*** Begin section ***

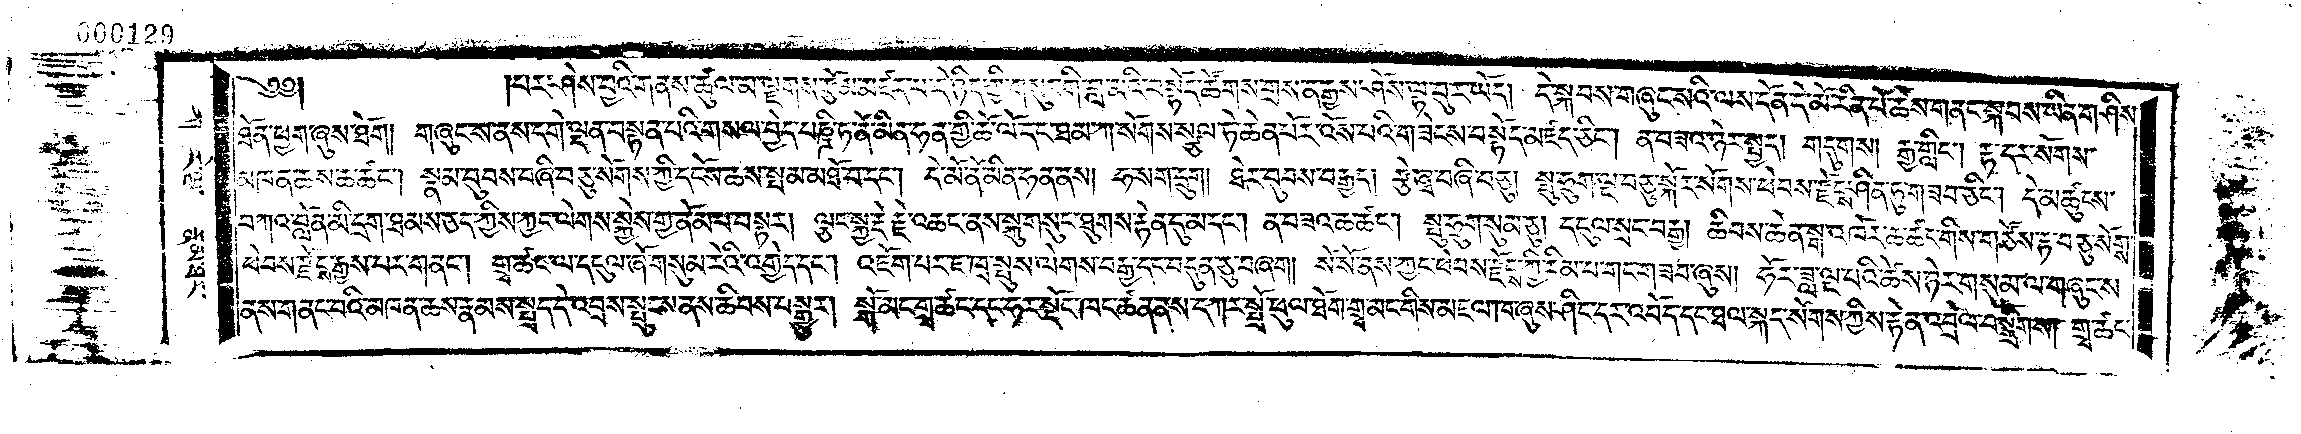༄༅། །པར་ཤེས་བྱའི་གནས་ཚུལ་མ་ལྗགས་རྩོམ་མཛད་པ་དེ་ཉིད་ཀྱི་གསུང་གི་བླ་མའི་བསྟོད་ཚོགས་གྲས་ན་རྒྱས་ཤོས་ལྟ་བུར་ཡོད། དེ་སྐབས་གཞུང་སའི་ལས་དོན་དེ་མོ་རིན་པོ་ཆེས་གནང་སྐབས་ཡིན་གཤིས་
ཐོན་ཕྱག་ཞུས་ཐོག། གཞུང་ས་ནས་དགེ་ལྡན་བསྟན་པའི་གསལ་བྱེད་པཎྜི་ཏ་ནོ་མིན་ཧན་གྱི་ཆོ་ལོ་དང་ཐམ་ཀ་སོགས་སྩལ་ཏེ་ཆེན་པོར་འོས་པའི་གཟེངས་བསྟོད་མཛད་ཅིང་། ན་བཟའ་ཉེར་སྤྱད། གདུགས། རྒྱ་གླིང་། རྟ་དར་སོགས་
མཁན་ཆས་ཆ་ཚང་། སྣམ་བུབས་བཞི་བཅུ་སོགས་ཀྱི་དངོས་ཆས་སྤམ་མཐོ་བ་དང་། དེ་མོ་ནོ་མིན་ཧན་ནས། ཧ་སག་དྲུག། ཐེར་བུབས་བརྒྱད། རྩེ་ཞྭ་བཞི་བཅུ། སྤུ་ཧྲུག་ལྔ་བཅུ་སྐོར་སོགས་ཕེབས་རྫོངས་ཤིན་ཏུ་གཟབ་ཅིང་། དེ་མཚུངས་
བཀའ་བློན་མི་དྲག་ཐམས་ཅད་ཀྱིས་ཀྱང་ལེགས་སྐྱེས་གྱ་ནོམ་པ་བསྟར། ལྕང་སྐྱ་རྡོ་རྗེ་འཆང་ནས་སྐུ་གསུང་ཐུགས་རྟེན་དུ་མ་དང་། ན་བཟའ་ཆ་ཚང་། སྤུ་ཧྲུག་སུམ་ཅུ། དངུལ་སྲང་བརྒྱ། ཆིབས་ཆེན་སྒ་འཁོར་ཆ་ཚང་གིས་གཙོས་རྟ་བཅུ་སོགས་
ཕེབས་རྫོངས་རྒྱས་པར་གནང་། གྲྭ་ཚང་ལ་དངུལ་ཞོ་གསུམ་རེའི་འགྱེད་དང་། འཇོག་པར་ཇ་ཁྲ་སྤུས་ལེགས་བརྒྱ་དང་བདུན་ཅུ་བཞག། སོ་སོ་ནས་ཀྱང་ཕེབས་རྫོངས་ཀྱི་རིམ་པ་གང་གཟབ་ཞུས། ཧོར་ཟླ་ལྔ་པའི་ཚེས་ཉེར་གསུམ་ལ་གཞུང་ས་
ནས་གནང་བའི་མཁན་ཆས་རྣམས་སྤྲད་དེ་འབྲས་སྤུངས་ནས་ཆིབས་བསྒྱུར། སྒོ་མང་གྲྭ་ཚང་དང་ཧར་སྡོང་ཁང་ཚན་ནས་དཀར་སྤྲོ་ཕུལ་ཐོག་གྲྭ་མང་གིས་མཇལ་ཁ་ཞུས་ཤིང་དར་འབོད་དང་ཐལ་སྐད་སོགས་ཀྱིས་རྟེན་འབྲེལ་བསྒྲིགས། གྲྭ་ཚང་

*** End section ***

Exercise goal ▸ Beginning with the first line of the material above, please output each line exactly through the line that contains "ན་བཟའ་ཆ་ཚང་། སྤུ་ཧྲུག་སུམ་ཅུ། དངུལ་སྲང་བརྒྱ།", and only those, leaving out pictures.

Solved exercise ▸
༄༅། །པར་ཤེས་བྱའི་གནས་ཚུལ་མ་ལྗགས་རྩོམ་མཛད་པ་དེ་ཉིད་ཀྱི་གསུང་གི་བླ་མའི་བསྟོད་ཚོགས་གྲས་ན་རྒྱས་ཤོས་ལྟ་བུར་ཡོད། དེ་སྐབས་གཞུང་སའི་ལས་དོན་དེ་མོ་རིན་པོ་ཆེས་གནང་སྐབས་ཡིན་གཤིས་
ཐོན་ཕྱག་ཞུས་ཐོག། གཞུང་ས་ནས་དགེ་ལྡན་བསྟན་པའི་གསལ་བྱེད་པཎྜི་ཏ་ནོ་མིན་ཧན་གྱི་ཆོ་ལོ་དང་ཐམ་ཀ་སོགས་སྩལ་ཏེ་ཆེན་པོར་འོས་པའི་གཟེངས་བསྟོད་མཛད་ཅིང་། ན་བཟའ་ཉེར་སྤྱད། གདུགས། རྒྱ་གླིང་། རྟ་དར་སོགས་
མཁན་ཆས་ཆ་ཚང་། སྣམ་བུབས་བཞི་བཅུ་སོགས་ཀྱི་དངོས་ཆས་སྤམ་མཐོ་བ་དང་། དེ་མོ་ནོ་མིན་ཧན་ནས། ཧ་སག་དྲུག། ཐེར་བུབས་བརྒྱད། རྩེ་ཞྭ་བཞི་བཅུ། སྤུ་ཧྲུག་ལྔ་བཅུ་སྐོར་སོགས་ཕེབས་རྫོངས་ཤིན་ཏུ་གཟབ་ཅིང་། དེ་མཚུངས་
བཀའ་བློན་མི་དྲག་ཐམས་ཅད་ཀྱིས་ཀྱང་ལེགས་སྐྱེས་གྱ་ནོམ་པ་བསྟར། ལྕང་སྐྱ་རྡོ་རྗེ་འཆང་ནས་སྐུ་གསུང་ཐུགས་རྟེན་དུ་མ་དང་། ན་བཟའ་ཆ་ཚང་། སྤུ་ཧྲུག་སུམ་ཅུ། དངུལ་སྲང་བརྒྱ། ཆིབས་ཆེན་སྒ་འཁོར་ཆ་ཚང་གིས་གཙོས་རྟ་བཅུ་སོགས་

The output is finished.